*Brief*
Print the full listing below exactly, keeping every character as it stands.

*Data section*
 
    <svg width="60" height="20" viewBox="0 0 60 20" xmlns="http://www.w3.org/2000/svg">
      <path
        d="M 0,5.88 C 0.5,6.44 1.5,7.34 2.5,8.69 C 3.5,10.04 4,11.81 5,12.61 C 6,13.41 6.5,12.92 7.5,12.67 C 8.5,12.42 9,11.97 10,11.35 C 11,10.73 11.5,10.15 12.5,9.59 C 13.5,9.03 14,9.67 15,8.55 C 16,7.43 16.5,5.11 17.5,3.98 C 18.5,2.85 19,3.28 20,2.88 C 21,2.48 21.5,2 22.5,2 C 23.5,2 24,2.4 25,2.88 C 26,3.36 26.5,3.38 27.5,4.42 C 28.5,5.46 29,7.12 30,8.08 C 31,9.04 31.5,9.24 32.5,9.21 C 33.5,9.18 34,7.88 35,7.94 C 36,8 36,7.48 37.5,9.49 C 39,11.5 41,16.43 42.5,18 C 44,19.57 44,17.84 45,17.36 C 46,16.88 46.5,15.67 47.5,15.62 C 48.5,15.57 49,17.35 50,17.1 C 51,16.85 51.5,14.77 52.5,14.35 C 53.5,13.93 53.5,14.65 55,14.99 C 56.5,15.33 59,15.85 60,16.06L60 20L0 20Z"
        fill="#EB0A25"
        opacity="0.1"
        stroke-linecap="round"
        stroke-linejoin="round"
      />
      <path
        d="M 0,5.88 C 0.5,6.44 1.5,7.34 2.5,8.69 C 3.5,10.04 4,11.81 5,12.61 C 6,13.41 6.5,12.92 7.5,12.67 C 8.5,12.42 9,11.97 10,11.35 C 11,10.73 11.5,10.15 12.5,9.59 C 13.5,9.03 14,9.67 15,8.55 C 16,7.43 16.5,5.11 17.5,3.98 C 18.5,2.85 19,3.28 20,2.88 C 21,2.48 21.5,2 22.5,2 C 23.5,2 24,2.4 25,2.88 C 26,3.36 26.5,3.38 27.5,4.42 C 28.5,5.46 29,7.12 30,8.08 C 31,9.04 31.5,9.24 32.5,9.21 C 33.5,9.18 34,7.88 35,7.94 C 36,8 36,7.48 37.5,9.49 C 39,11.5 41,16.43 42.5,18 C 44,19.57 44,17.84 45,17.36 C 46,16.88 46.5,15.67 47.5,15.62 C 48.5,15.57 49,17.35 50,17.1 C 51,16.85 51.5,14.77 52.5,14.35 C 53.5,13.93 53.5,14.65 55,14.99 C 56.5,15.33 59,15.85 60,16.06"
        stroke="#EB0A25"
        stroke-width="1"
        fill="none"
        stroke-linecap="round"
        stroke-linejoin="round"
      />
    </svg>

*Result*
    <svg width="60" height="20" viewBox="0 0 60 20" xmlns="http://www.w3.org/2000/svg">
      <path
        d="M 0,5.88 C 0.5,6.44 1.5,7.34 2.5,8.69 C 3.5,10.04 4,11.81 5,12.61 C 6,13.41 6.5,12.92 7.5,12.67 C 8.5,12.42 9,11.97 10,11.35 C 11,10.73 11.5,10.15 12.5,9.59 C 13.5,9.03 14,9.67 15,8.55 C 16,7.43 16.5,5.11 17.5,3.98 C 18.5,2.85 19,3.28 20,2.88 C 21,2.48 21.5,2 22.5,2 C 23.5,2 24,2.4 25,2.88 C 26,3.36 26.5,3.38 27.5,4.42 C 28.5,5.46 29,7.12 30,8.08 C 31,9.04 31.5,9.24 32.5,9.21 C 33.5,9.18 34,7.88 35,7.94 C 36,8 36,7.48 37.5,9.49 C 39,11.5 41,16.43 42.5,18 C 44,19.57 44,17.84 45,17.36 C 46,16.88 46.5,15.67 47.5,15.62 C 48.5,15.57 49,17.35 50,17.1 C 51,16.85 51.5,14.77 52.5,14.35 C 53.5,13.93 53.5,14.65 55,14.99 C 56.5,15.33 59,15.85 60,16.06L60 20L0 20Z"
        fill="#EB0A25"
        opacity="0.1"
        stroke-linecap="round"
        stroke-linejoin="round"
      />
      <path
        d="M 0,5.88 C 0.5,6.44 1.5,7.34 2.5,8.69 C 3.5,10.04 4,11.81 5,12.61 C 6,13.41 6.5,12.92 7.5,12.67 C 8.5,12.42 9,11.97 10,11.35 C 11,10.73 11.5,10.15 12.5,9.59 C 13.5,9.03 14,9.67 15,8.55 C 16,7.43 16.5,5.11 17.5,3.98 C 18.5,2.85 19,3.28 20,2.88 C 21,2.48 21.5,2 22.5,2 C 23.5,2 24,2.4 25,2.88 C 26,3.36 26.5,3.38 27.5,4.42 C 28.5,5.46 29,7.12 30,8.08 C 31,9.04 31.5,9.24 32.5,9.21 C 33.5,9.18 34,7.88 35,7.94 C 36,8 36,7.48 37.5,9.49 C 39,11.5 41,16.43 42.5,18 C 44,19.57 44,17.84 45,17.36 C 46,16.88 46.5,15.67 47.5,15.62 C 48.5,15.57 49,17.35 50,17.1 C 51,16.85 51.5,14.77 52.5,14.35 C 53.5,13.93 53.5,14.65 55,14.99 C 56.5,15.33 59,15.85 60,16.06"
        stroke="#EB0A25"
        stroke-width="1"
        fill="none"
        stroke-linecap="round"
        stroke-linejoin="round"
      />
    </svg>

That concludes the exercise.